WHAT NEEDS TO BE DONE:
The lines to be copied are those below that contain "Aage".

RECORD EXCERPTS:
***

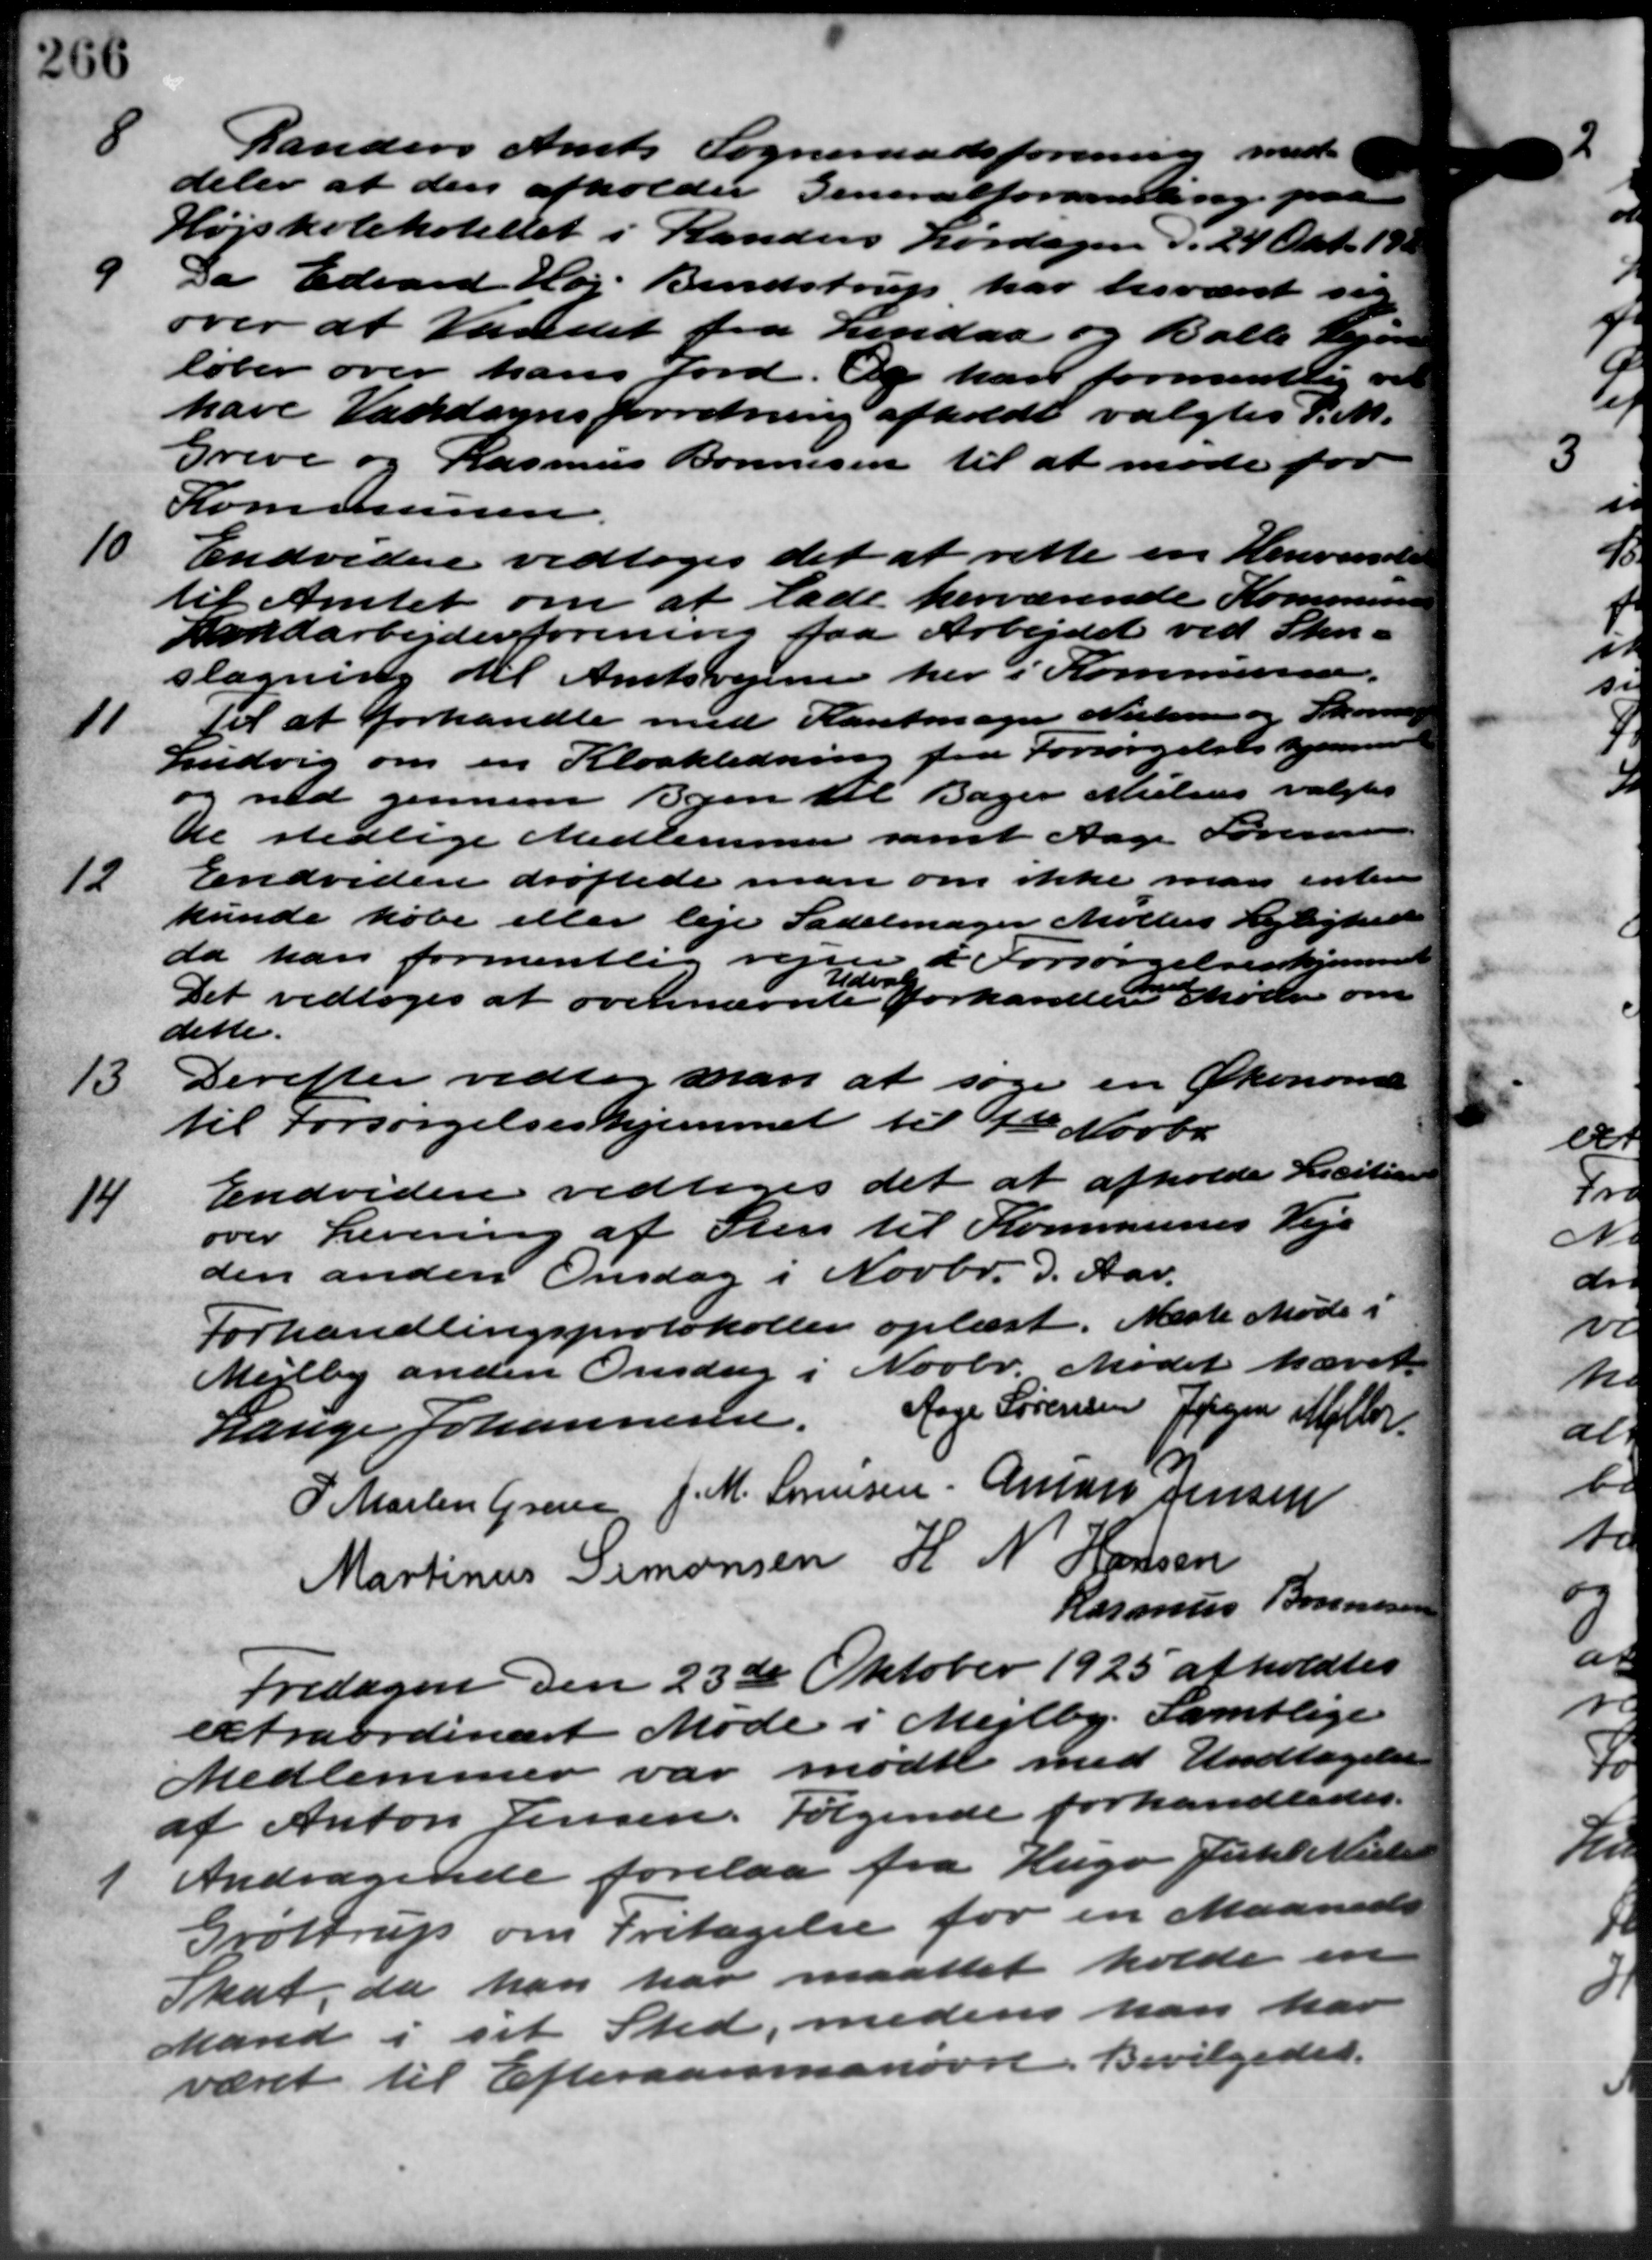
Transskription:
8
Randers Amts Sogneraadsforening med
deler at den afholder Generalforhandling paa
Højskolehotellet i Randers Lørdagen d. 24 Okt. 192
9
over at Vandet fra Lindaa og Balle Sagen
Da Edvard Høj Bendstrup har besværet sin
løber over hans Jord. Og han formentlig ved
have Vandsynsforretning afholdt valgtes P. M.
Greve og Rasmus Bonnesen til at møde for
Kommunen.
10
Endvidere vedtoges det at rette en Henvissels
til Amtet om at lade herværende Kommunen
Landarbejderforening faa Arbejdet ved Skri-
slagning til Amtsvejene her i Kommunen.
11
til at forhandle med Kantmager Nielsen og Skove
Ludvig om en Kloakledning fra Forsørgelseshjems
og med gennem Byen til Bager Nielsen valgtes
de stedlige Medlemmer samt Aage Sørensen
12
Endvidere drøftede man om ikke man entere
kunde købe eller leje Sadelmager Møllers Lejlighed
da han formentlig vejen i Forsørgelseshjem
Udvalg
Det vedtoges at ovennævnte forhandles Møller om
dette.
13.
Derefter vedtog man at søge en Økonome
til Forsørgelseshjemmet til 1te Novbr.
14
Endvidere vedtoges det at afholde Licitia
over Levering af Sten til Kommunes Veje
den anden Onsdag i Novbr. d. Aar.
Forhandlingsprotokollen oplæst. Næste Møde i
Mejlby anden Onsdag i Novbr. Mødet hævet.
Lauge Johannesen, Aage Sørensen Jørgen Møller
P. Martin Greve J. M. Sørensen, Anton Jensen
Martinus Simonsen H. N. Hansen
Rasmus Bonnesen
Fredagen den 23de Oktober 1925 afholdtes
extraordinært Møde i Mejlby. Samtlige
Medlemmer var mødte med Undtagelse
af Anton Jensen. Følgende forhandledes.
1
Andragende forelaa fra Hugo Juhl Nielsen
Grøttrup om Fritagelse for en Maaneder
skat, da han har maattet holde en
Mand i sit Sted, medens han har
været til Efteraarsmanøvre. Bevilgedes.
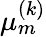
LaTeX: \mu_{m}^{(k)}
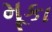
મૂકા
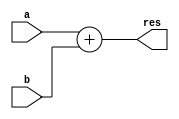
module Adder (a, b, res);
    parameter N = 32;

    input [N-1:0] a, b;
    output [N-1:0] res;

    assign res = a + b;
endmodule
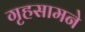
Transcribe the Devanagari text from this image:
गृहसामने
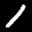
Label: 1
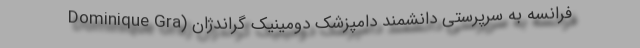
فرانسه به سرپرستی دانشمند دامپزشک دومینیک گراندژان (Dominique Gra
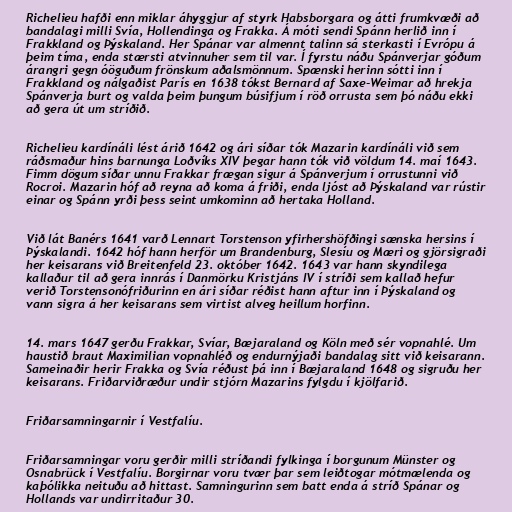
Richelieu hafði enn miklar áhyggjur af styrk Habsborgara og átti frumkvæði að
bandalagi milli Svía, Hollendinga og Frakka. Á móti sendi Spánn herlið inn í
Frakkland og Þýskaland. Her Spánar var almennt talinn sá sterkasti í Evrópu á
þeim tíma, enda stærsti atvinnuher sem til var. Í fyrstu náðu Spánverjar góðum
árangri gegn óöguðum frönskum aðalsmönnum. Spænski herinn sótti inn í
Frakkland og nálgaðist París en 1638 tókst Bernard af Saxe-Weimar að hrekja
Spánverja burt og valda þeim þungum búsifjum í röð orrusta sem þó náðu ekki
að gera út um stríðið.

Richelieu kardínáli lést árið 1642 og ári síðar tók Mazarin kardínáli við sem
ráðsmaður hins barnunga Loðvíks XIV þegar hann tók við völdum 14. maí 1643.
Fimm dögum síðar unnu Frakkar frægan sigur á Spánverjum í orrustunni við
Rocroi. Mazarin hóf að reyna að koma á friði, enda ljóst að Þýskaland var rústir
einar og Spánn yrði þess seint umkominn að hertaka Holland.

Við lát Banérs 1641 varð Lennart Torstenson yfirhershöfðingi sænska hersins í
Þýskalandi. 1642 hóf hann herför um Brandenburg, Slesíu og Mæri og gjörsigraði
her keisarans við Breitenfeld 23. október 1642. 1643 var hann skyndilega
kallaður til að gera innrás í Danmörku Kristjáns IV í stríði sem kallað hefur
verið Torstensonófriðurinn en ári síðar réðist hann aftur inn í Þýskaland og
vann sigra á her keisarans sem virtist alveg heillum horfinn.

14. mars 1647 gerðu Frakkar, Svíar, Bæjaraland og Köln með sér vopnahlé. Um
haustið braut Maximilian vopnahléð og endurnýjaði bandalag sitt við keisarann.
Sameinaðir herir Frakka og Svía réðust þá inn í Bæjaraland 1648 og sigruðu her
keisarans. Friðarviðræður undir stjórn Mazarins fylgdu í kjölfarið.

Friðarsamningarnir í Vestfalíu.

Friðarsamningar voru gerðir milli stríðandi fylkinga í borgunum Münster og
Osnabrück í Vestfalíu. Borgirnar voru tvær þar sem leiðtogar mótmælenda og
kaþólikka neituðu að hittast. Samningurinn sem batt enda á stríð Spánar og
Hollands var undirritaður 30.
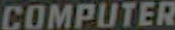
COMPUTER

***

EXPECTED OUTPUT:
de stedlige Medlemmer samt Aage Sørensen
Lauge Johannesen, Aage Sørensen Jørgen Møller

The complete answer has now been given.